## Work task:
Transcribe all the records exactly and omit any images they hold.

## Available data:
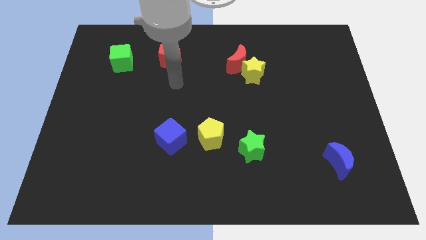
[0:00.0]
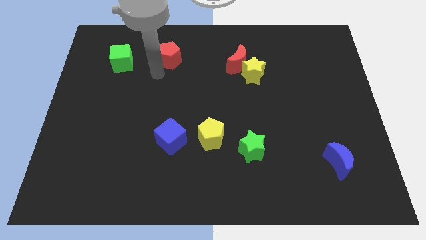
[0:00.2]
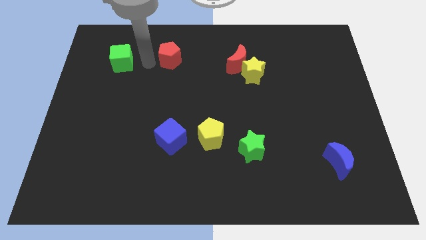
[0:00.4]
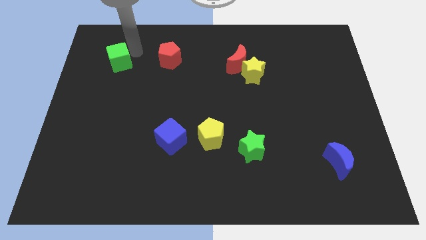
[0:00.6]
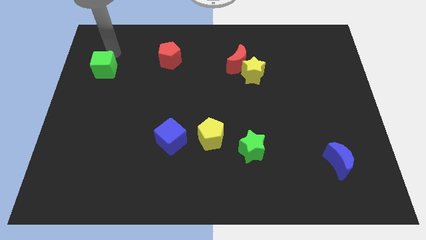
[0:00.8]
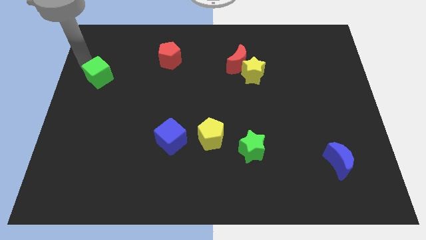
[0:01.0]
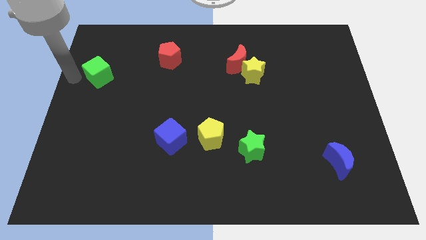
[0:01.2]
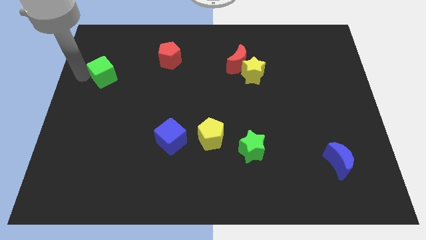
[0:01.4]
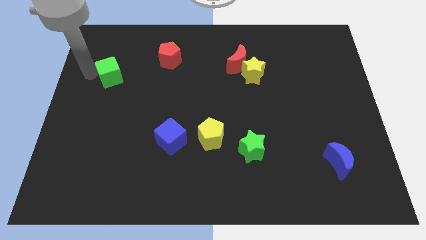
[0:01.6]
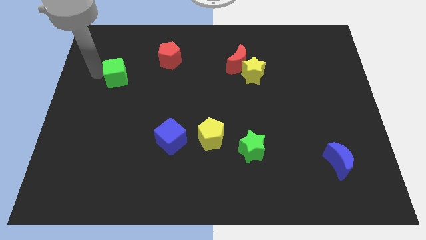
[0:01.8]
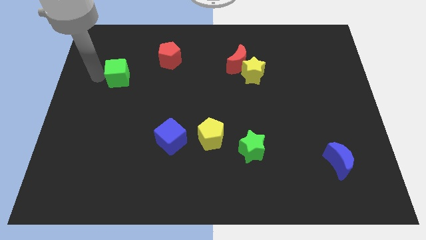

## Your response:
[0:00.0]
[0:00.2]
[0:00.4]
[0:00.6]
[0:00.8]
[0:01.0]
[0:01.2]
[0:01.4]
[0:01.6]
[0:01.8]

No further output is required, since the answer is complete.